Just wanted to leave another "Thank You" to you guys. I went with the thinned Elmers wood filler then sanding with progressively finer sand paper and it's looking great. I've had to reapply the filler to some spots where got it down too thin (like I said, I go a little too far sometimes for some reason) or where I missed small spots on the first coat, but I'm really liking the way its turning out. Today the primer goes on and hopefully soon I'll have another finished bird for the fleet.
 
I brush on two coats of semi-gloss Minwax Poly sanding with fine steel wool in between coats. The I take spackle that I thin down and brush on a coat, sand, and brush on another coat. The thinned spackle fill the grain and sands easily. The two coats of poly gives you a nice base to sand down to without getting back down to raw balsa.
 
I brush on two coats of semi-gloss Minwax Poly sanding with fine steel wool in between coats. The I take spackle that I thin down and brush on a coat, sand, and brush on another coat. The thinned spackle fill the grain and sands easily.
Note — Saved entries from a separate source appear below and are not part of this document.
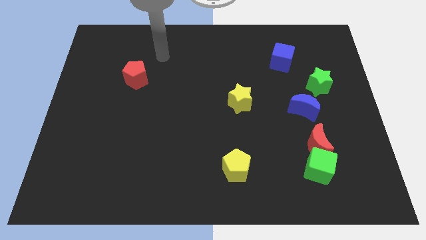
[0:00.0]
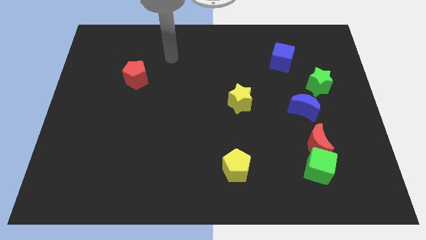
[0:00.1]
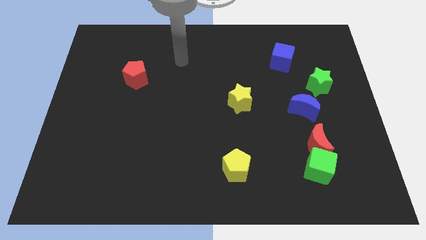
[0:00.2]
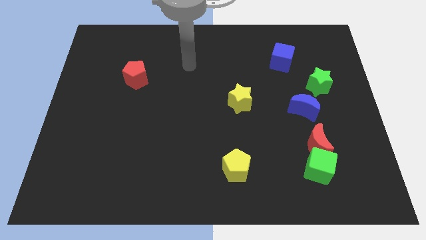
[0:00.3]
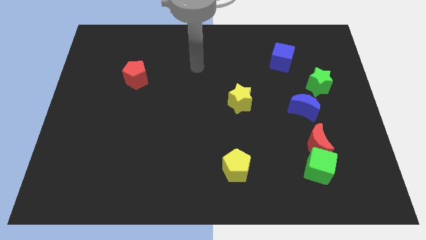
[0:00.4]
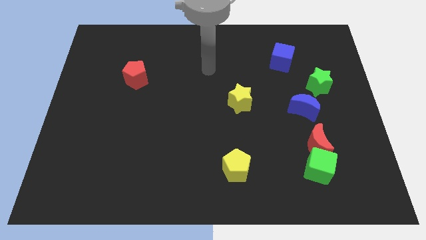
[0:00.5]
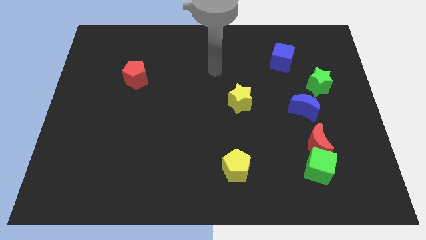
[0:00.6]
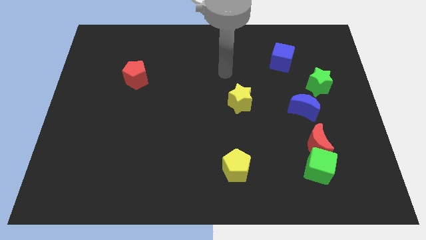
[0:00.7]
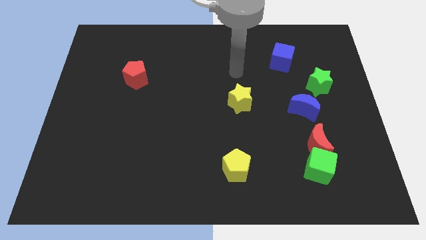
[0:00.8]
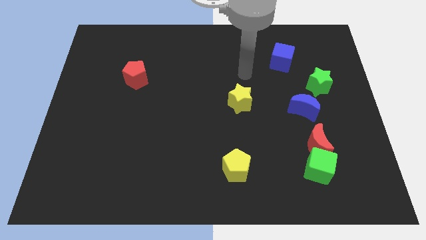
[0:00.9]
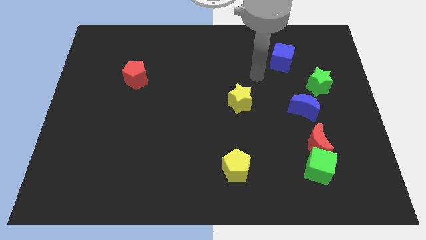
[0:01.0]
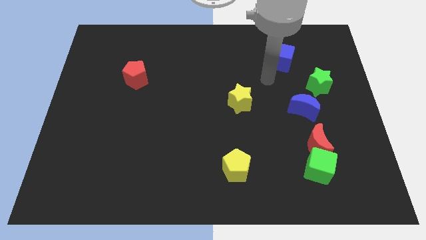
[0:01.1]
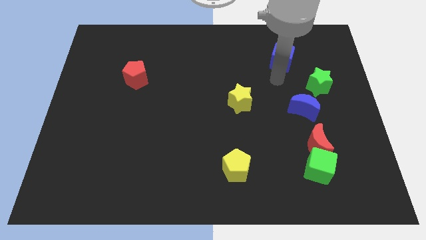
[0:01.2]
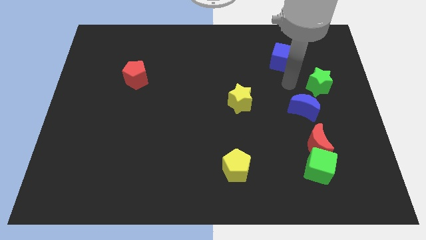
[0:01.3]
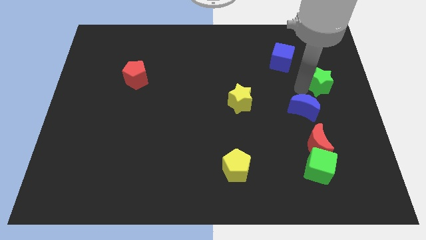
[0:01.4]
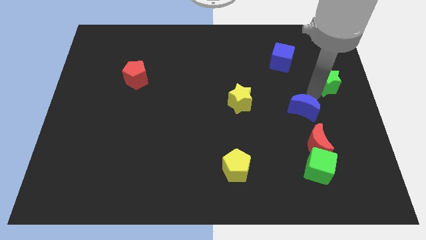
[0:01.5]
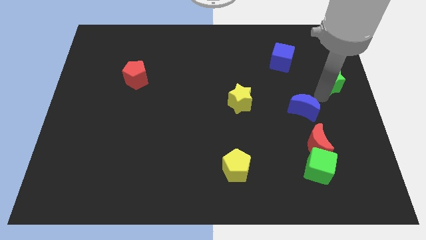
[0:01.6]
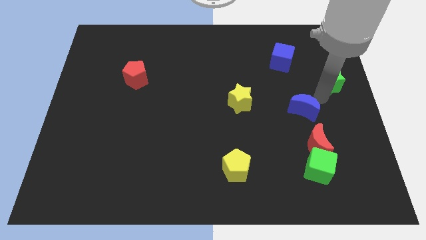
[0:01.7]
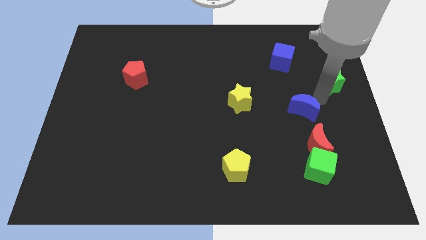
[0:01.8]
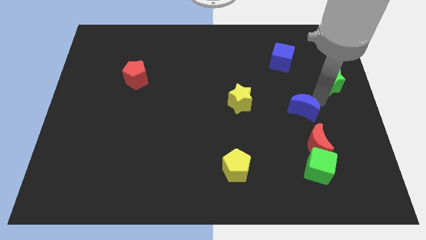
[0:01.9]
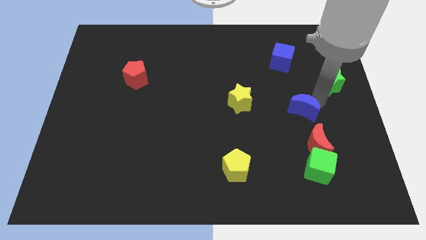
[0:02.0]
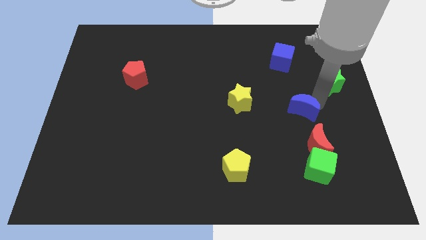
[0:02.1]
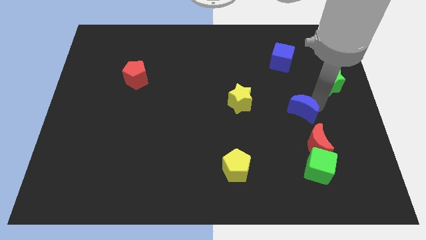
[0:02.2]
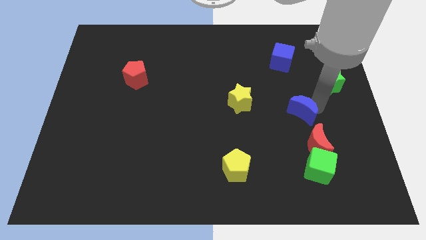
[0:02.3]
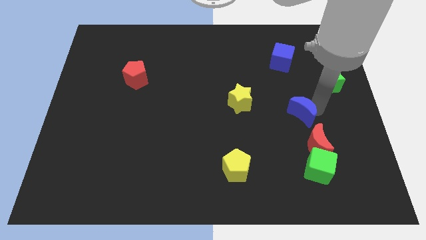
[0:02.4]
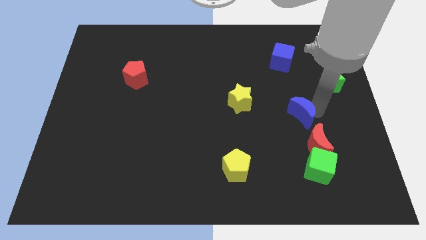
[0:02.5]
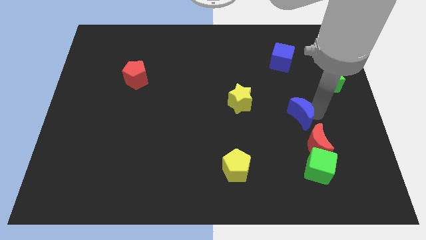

The two coats of poly gives you a nice base to sand down to without getting back down to raw balsa.
I like using Minwax Polycrylic also. 2 coats and then FnF or spackle. I then give it another coat of the Minwax Poly to seal everything before priming.
 
I like using Minwax Polycrylic also. 2 coats and then FnF or spackle. I then give it another coat of the Minwax Poly to seal everything before priming.

This sounds like a good idea. Does the Minwax cause any problems with the filler? Seems like it might harden at a different rate over the two surfaces.

I've used finishing resin (epoxy) to get a smooth hard surface that goes down right before primer and that works fine, but it tends to be a pain in the tuckus. Anything that will make it easy to get that killer finish........
 
I use the regular Minwax Poly, not the Polycrylic. I don't really like the waterbased product on balsa.
 
I've used things like Red Devil Ultra light spackeling with great success. Thinned with a little water to a thick paint consistency, let dry completely. stuff gets amazingly hard and yet easy to sand. It's the same stuff as Hobby filler at a lower cost, just make sure it's ultra lite, super lite, or something to that effect or you end up with plaster based filler(voice of experence :p )
 
Sometimes I coat my balsa cones with aliphatic wood glue, the thick sandable variety. Once it cures, then sand the surface smooth with fine grit sandpaper.
 
On Really big cones BT-60 and larger, I'll sometimes use a coat of Minwax Wood hardner just to fill in some of the grain not necessarally make the wood harder. this helps the primer fill the grain faster.

I use this too. I'm tired of my nose cones getting dinged. :mad:
 
I brush mine down with thinned FnF, then sand them smooth; one coat does it. Same for my fins.
 
Just wanted to leave another "Thank You" to you guys. I went with the thinned Elmers wood filler then sanding with progressively finer sand paper and it's looking great. I've had to reapply the filler to some spots where got it down too thin (like I said, I go a little too far sometimes for some reason) or where I missed small spots on the first coat, but I'm really liking the way its turning out. Today the primer goes on and hopefully soon I'll have another finished bird for the fleet.


I just finished a project with a balsa cone, and its time to finish the cone. This thread has/is been very helpful. I turned my cone using a drill press. I started with a dowel down the center and then just lathed out the cone. Then, I cut off the dowel at the base of the cone and drilled a hole in the cone for a tracker. When I started to sand off the Elmers by hand, I got flat spots on the cone using the "shoeshine" method. Fortunately, I can put the drill back into the cone so that I can spin it on the drill press. So far, that is working much better. One question I have is if there is anything I should watch out for if I use the press for sanding the filler and then later, the primer? I know, for example, that the elmers will get hard and difficult to sand if it gets hot. So, I'm using very light pressure. I'm going to try to leave a coat of solid filler covering the surface. Any other tricks for sanding in this way would be appreciated as I don't have any experience turning wood, much less balsa.